Quick google search I found this site:

About Air Compressors 

I would try them, maybe they could help with your questions.

Good luck!

BG


----------



## chewbacca5000 (May 15, 2013)

*Re: Kellogg A330 Two Stage Air Compressor*



Basementgeek said:


> Hi ad welcome to TSF
> 
> Did the previous owner give you any information about it, like what size motor or engine they used it with. I would guess maybe 5 HP electric. That seems to be a popular size motors used on bigger compressors.
> 
> ...


The previous owner said that the electric motor was a 5HP HD instustrial 3 phase. The small pulley was around 6". I will call back and see if he knows for sure.


----------



## joeten (Dec 4, 2008)

*Re: Kellogg A330 Two Stage Air Compressor*

Something else here Kellogg American Lubricated Piston Units - Air Compressor Equipment


----------



## chewbacca5000 (May 15, 2013)

*Re: Kellogg A330 Two Stage Air Compressor*



joeten said:


> Something else here Kellogg American Lubricated Piston Units - Air Compressor Equipment


Thanks this is helpful. I am pretty certain it is a 5HP. From what I have gathered so far it is a late 40s compressor and that is why it is so hard to find information on. I called a supply house and they said parts are impossible to find, but ebay has parts for the 330 which makes me wonder if they are the correct parts.

Here is the ebay listing 
Kellogg American 330 Rebuild Tune Up Kit Air Compressor Parts TUK330 | eBay

It may not matter I know it makes air just turning it from hand.


----------



## chewbacca5000 (May 15, 2013)

*Re: Kellogg A330 Two Stage Air Compressor*

Ok so I contacted the Ebay seller, Pacificaircompressors and they gave me the low down on the Kellogg 330. The Kellogg 330 runs at a very slow RPM which means the lower end, rods, pistons, and rings don't go bad too often. The main wear part is the valves and you can do a simple test by holding your hand over the intake while the compressor is running if you get suction without blow back they your valves are in good working order. The valves are the main wear parts on these units.
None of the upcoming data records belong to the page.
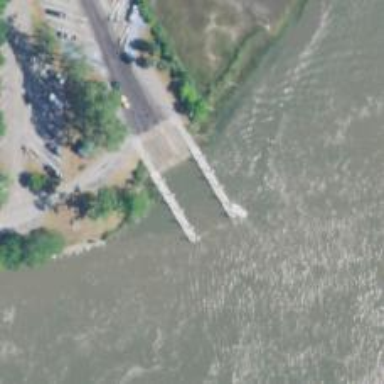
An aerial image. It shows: Boat ramp located on leisure land.
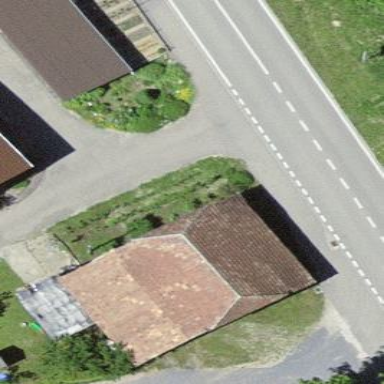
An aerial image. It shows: Shed building.
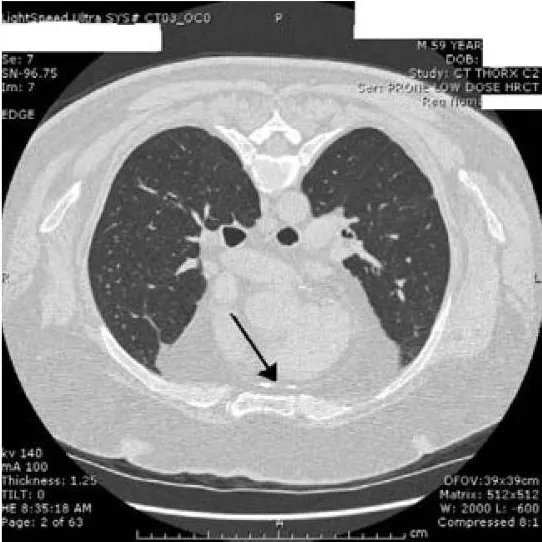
High-resolution computerized tomography scan image with patient in prone position demonstrating calcification of anterior pericardium.
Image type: radiology (ct)
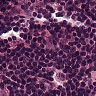
Metastatic tissue present: no
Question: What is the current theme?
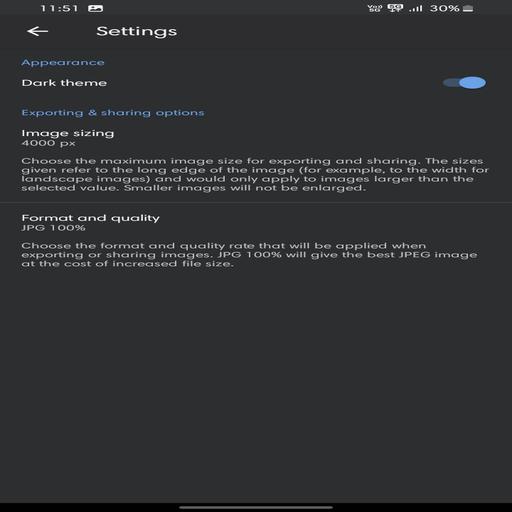
Answer: Dark theme
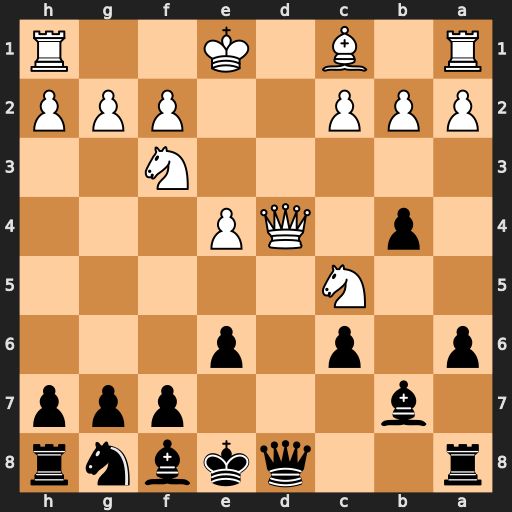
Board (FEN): r2qkbnr/1b3ppp/p1p1p3/2N5/1p1QP3/5N2/PPP2PPP/R1B1K2R
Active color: b
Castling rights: KQkq
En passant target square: -
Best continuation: Qxd4 Nxd4 Bxc5
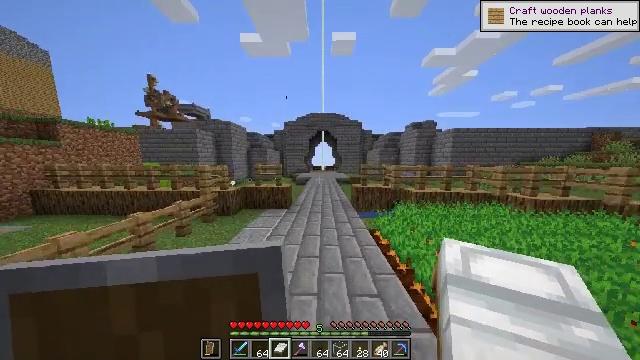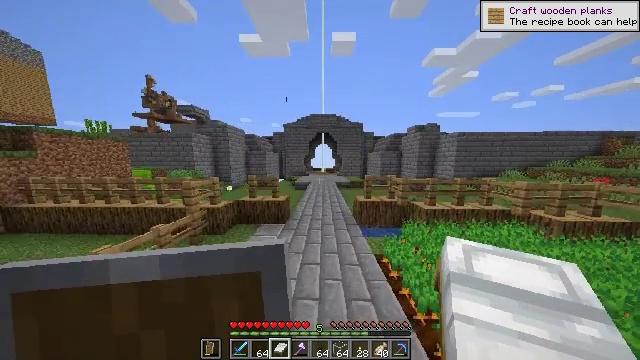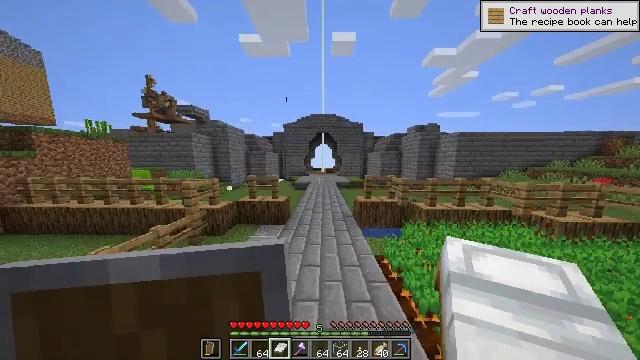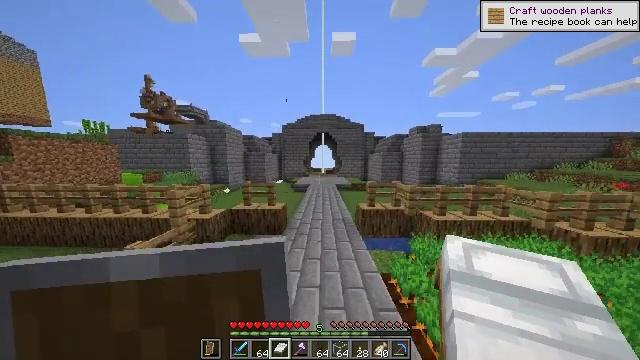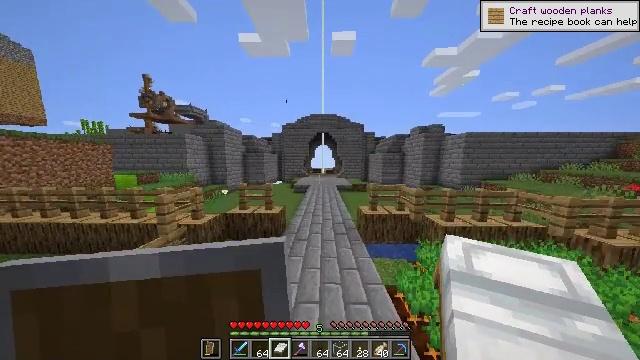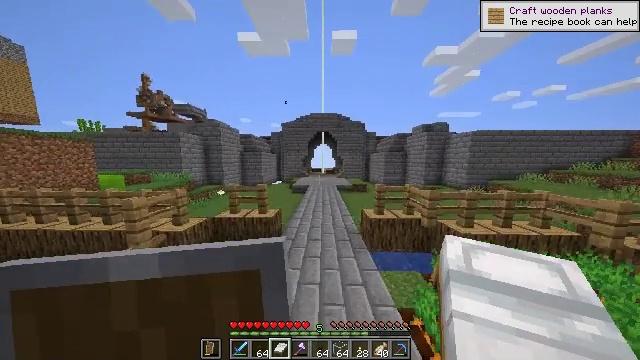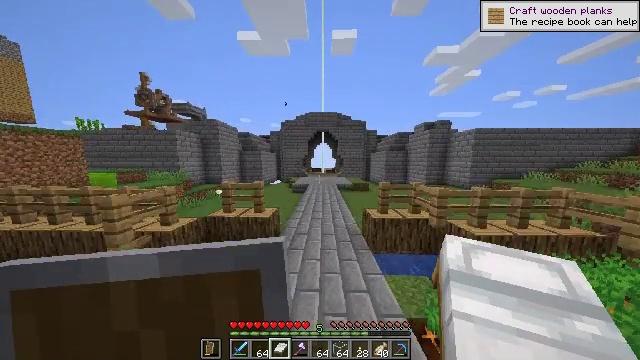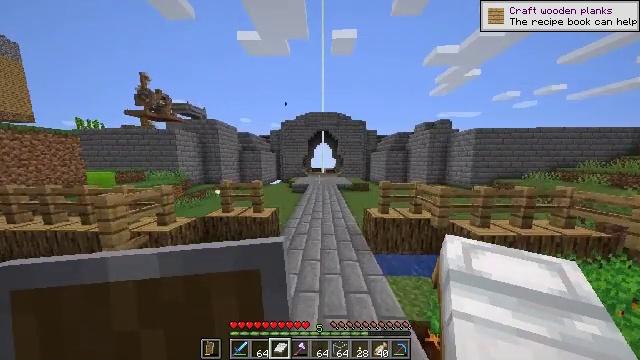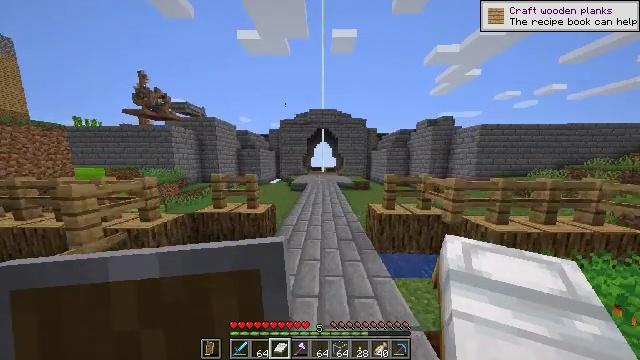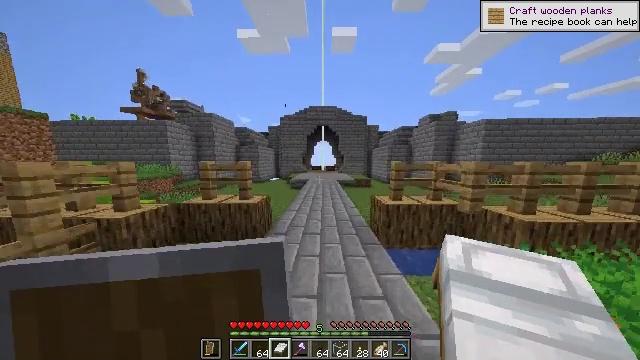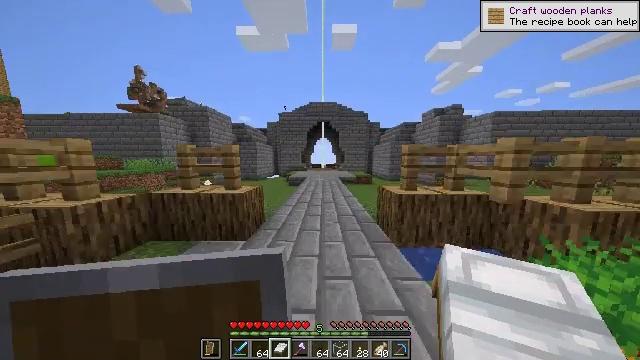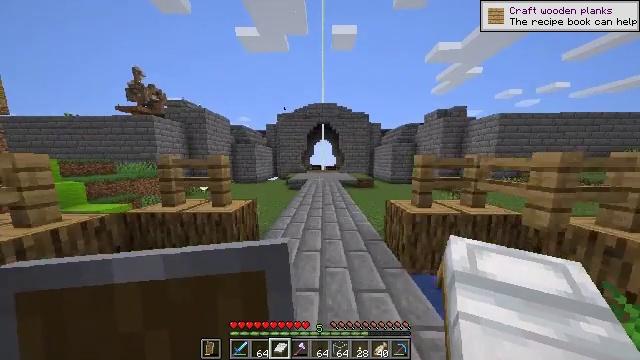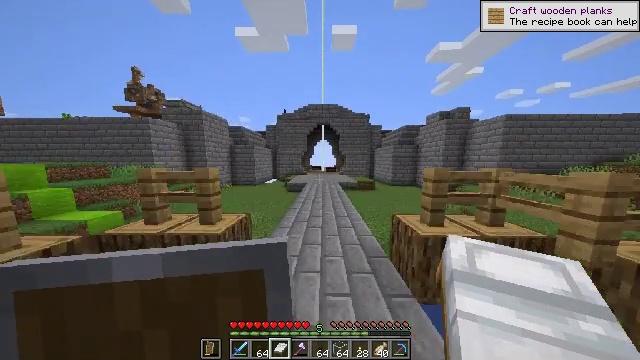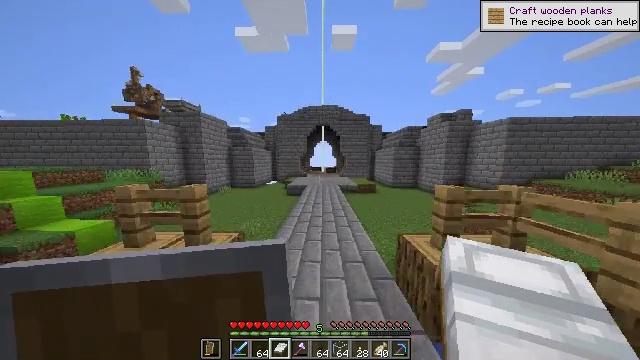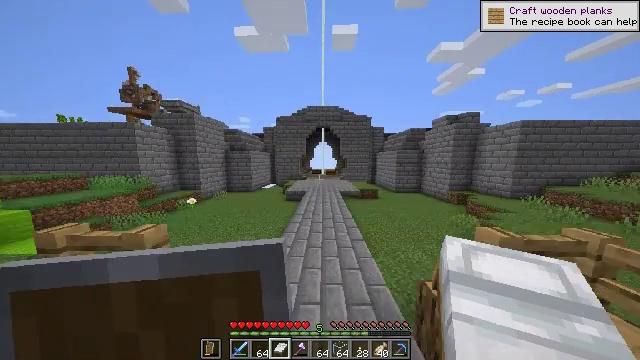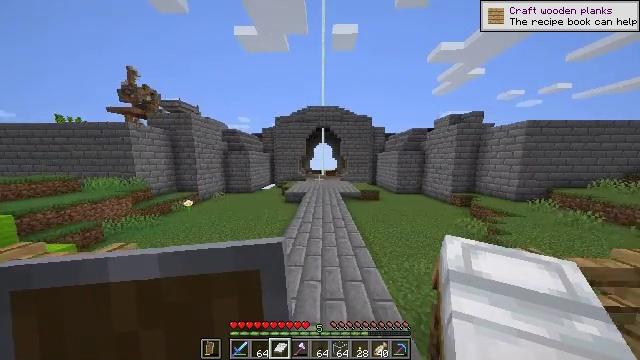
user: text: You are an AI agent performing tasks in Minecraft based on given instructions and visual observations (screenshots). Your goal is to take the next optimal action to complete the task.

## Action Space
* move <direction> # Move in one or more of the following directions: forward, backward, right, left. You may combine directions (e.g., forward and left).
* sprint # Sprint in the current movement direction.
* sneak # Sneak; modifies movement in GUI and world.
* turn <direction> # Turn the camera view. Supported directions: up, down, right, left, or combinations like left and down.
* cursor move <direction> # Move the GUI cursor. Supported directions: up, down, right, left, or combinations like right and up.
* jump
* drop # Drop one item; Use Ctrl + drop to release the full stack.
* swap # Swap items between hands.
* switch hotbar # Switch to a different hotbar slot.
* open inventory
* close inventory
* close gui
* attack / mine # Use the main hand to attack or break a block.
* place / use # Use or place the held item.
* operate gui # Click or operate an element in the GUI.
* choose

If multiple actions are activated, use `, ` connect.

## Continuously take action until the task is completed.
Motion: motion action
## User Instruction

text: Get iron bars through the crafting table.
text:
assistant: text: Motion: move forward, jump
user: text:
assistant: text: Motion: move forward, jump
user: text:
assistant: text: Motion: move forward, jump
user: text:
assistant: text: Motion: move forward, jump
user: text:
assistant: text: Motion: move forward, jump
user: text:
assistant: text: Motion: move forward, jump
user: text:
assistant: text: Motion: move forward, jump
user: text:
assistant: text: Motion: move forward, jump
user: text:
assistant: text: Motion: move forward, jump
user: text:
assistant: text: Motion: move forward, jump
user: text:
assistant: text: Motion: move forward, jump
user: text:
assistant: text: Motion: move forward, jump
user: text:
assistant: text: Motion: move forward, jump
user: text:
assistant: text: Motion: move forward, jump
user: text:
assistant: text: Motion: move forward, jump
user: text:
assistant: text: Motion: move forward, jump
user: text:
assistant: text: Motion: move forward, jump
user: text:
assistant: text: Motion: move forward, jump
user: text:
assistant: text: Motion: move forward, jump
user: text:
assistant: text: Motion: move forward, jump
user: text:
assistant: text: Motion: move forward, jump
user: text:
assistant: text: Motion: move forward, jump
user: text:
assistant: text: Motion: move forward, jump
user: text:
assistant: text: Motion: move forward, jump
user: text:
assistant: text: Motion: move forward, jump
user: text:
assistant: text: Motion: move forward, jump
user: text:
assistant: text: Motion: move forward, jump
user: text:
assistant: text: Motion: move forward, jump
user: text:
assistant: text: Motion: move forward, jump
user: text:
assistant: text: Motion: move forward, jump
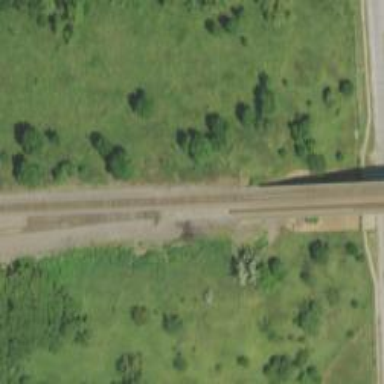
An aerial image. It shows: Railway track.
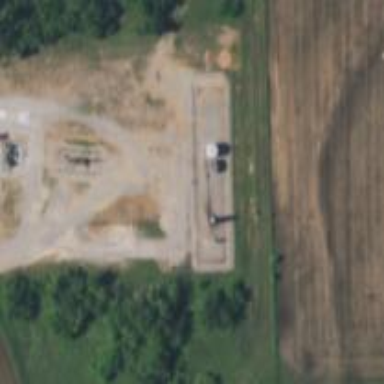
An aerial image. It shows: Storage tank that is man-made.
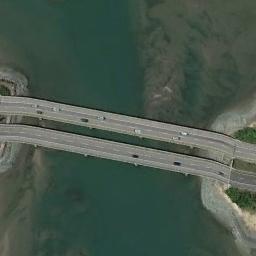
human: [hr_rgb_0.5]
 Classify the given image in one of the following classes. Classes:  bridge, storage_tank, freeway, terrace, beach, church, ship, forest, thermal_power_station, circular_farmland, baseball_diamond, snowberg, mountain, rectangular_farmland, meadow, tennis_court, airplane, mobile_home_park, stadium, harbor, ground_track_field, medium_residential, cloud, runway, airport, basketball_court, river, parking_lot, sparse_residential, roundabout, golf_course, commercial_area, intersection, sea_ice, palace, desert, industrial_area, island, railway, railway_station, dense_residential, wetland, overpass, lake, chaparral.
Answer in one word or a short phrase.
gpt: bridge
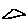
Label: triangle
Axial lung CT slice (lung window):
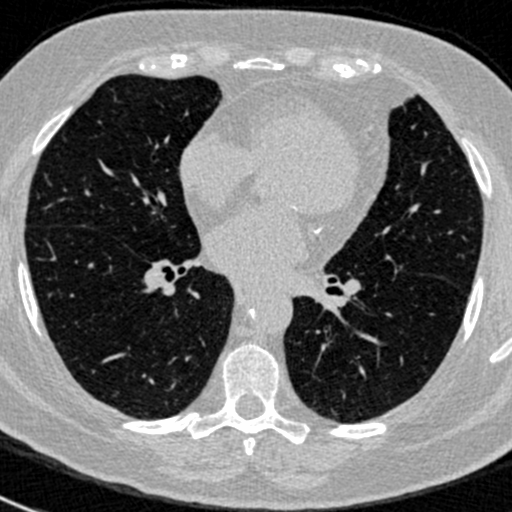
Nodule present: no
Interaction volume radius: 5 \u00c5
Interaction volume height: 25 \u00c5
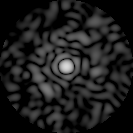
Disorder parameter: 0.8826
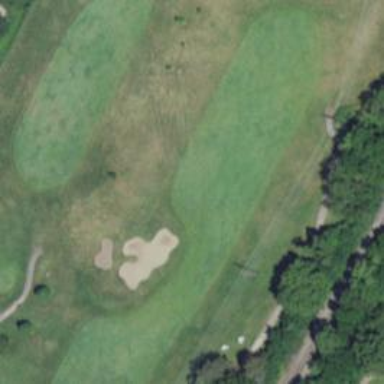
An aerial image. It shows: View of golf hole.

In tip top condition this pump can put out up to 18 CFM which is enough to drive my 100lbs pressure pot. It makes my 3 HP pump from cambell hausfeld look like a guppy.

I still would like to know more about pump like is there an unloader or anything other features it may have. It is truly a sweet piece of Americana.


----------



## joeten (Dec 4, 2008)

*Re: Kellogg A330 Two Stage Air Compressor*

Sorry that is all I found on it


----------



## chewbacca5000 (May 15, 2013)

*Re: Kellogg A330 Two Stage Air Compressor*



joeten said:


> Sorry that is all I found on it



No worries all the help I can get is appreciated. I should be ok until the next phase pressure testing the tank.

Thanks Again!


----------



## Basementgeek (Feb 7, 2005)

*Re: Kellogg A330 Two Stage Air Compressor*

The unloader just could be in the line going into tank, right at the tank. 

BG


----------



## chewbacca5000 (May 15, 2013)

*Re: Kellogg A330 Two Stage Air Compressor*



Basementgeek said:


> The unloader just could be in the line going into tank, right at the tank.
> 
> BG


Yeah that is what it must be. Just wondering because I have heard of different setup with unloader and some seemed problematic. This unit looks to be a straight forward as it gets.


----------



## Basementgeek (Feb 7, 2005)

*Re: Kellogg A330 Two Stage Air Compressor*

Before running out and buying a 5HP motor I would hook up a much smaller motor to it (1/2HP-1HP) so you could check out to see if it basically could work OK as is.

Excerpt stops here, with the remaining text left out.